A differential k-form on an n-manifold can be visualised as a “density” of (n – k) submanifolds. In $\mathbb{R}^3$ a 3-form is a point density. The form $dx \wedge dy \wedge dz$ is a uniform point density such that there is 1 full point in a unit cube. The integral $\int_S dx \wedge dy \wedge dz$ measures the number of points inside $S$, which is equal to the volume of $S$. The form $f dx \wedge dy \wedge dz$ is a point density with density $f(x,y,z)$ at that point.

The form $dx$ is a density of planes of constant $x$ (i.e. $yz$-planes) such that there is 1 full plane in a unit of $x$. In other words, the line segment $(t,0,0)$ for $t=a$ to $t=b$ crosses $b – a$ planes (note that the orientation matters). As with a point density, it’s not that we cross a plane discretely at $x=0, x=1, x=2$, rather, the $yz$-planes are distributed uniformly along the $x$-axis. For a curve $\gamma : [0,1] \rightarrow \mathbb{R^3}$ we can count the number of $dx$ planes it crosses. This is denoted $\int_\gamma dx = x(\gamma(1)) – x(\gamma(0))$. A general form $\alpha = A dx + B dy + C dz$ can be visualised as a density of surfaces with general orientation. The integral $\int_\gamma \alpha$ counts the number of times the curve $\gamma$ pierces a surface in the surface density. In other words, it counts the intersections of $\gamma$ with the surface density.

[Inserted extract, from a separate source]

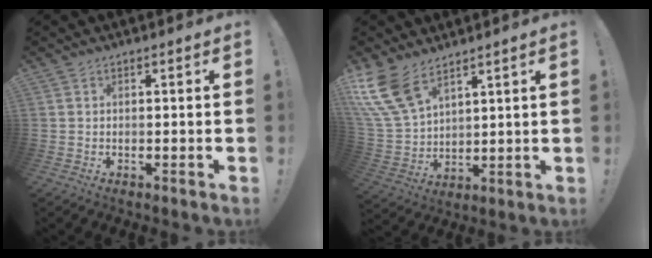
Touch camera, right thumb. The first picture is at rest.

For a function $f : \mathbb{R}^3 \rightarrow \mathbb{R}$ the form $df$ represents surfaces of constant $f$. Viewing $x$ as a function that gives the $x$ coordinate for a point, you can see that $dx$ corresponds to planes of constant $x$. If $r = \sqrt{x^2 + y^2 + z^2}$ then $dr$ are the surfaces of constant $r$, i.e. spheres centered at the origin.

A 2-form $dx \wedge dy$ represents lines in the $z$-direction. Lines in the $z$-direction are formed by the intersection of a plane of constant $x$ and a plane of constant $y$, i.e. lines in the $z$-direction are lines of constant $x$ and $y$. For functions $f$ and $g$, the form $df \wedge dg$ represents curves of constant $f$ and $g$. For two general 1-forms $\alpha$ and $\beta$, which represent densities of surfaces, the form $\alpha \wedge \beta$ represents the density of curves formed by the intersection of those surfaces. The form $dx \wedge dy \wedge dz$ is the point density of intersecting the lines $dx \wedge dy$ in the $z$-direction with the $xy$-planes $dz$.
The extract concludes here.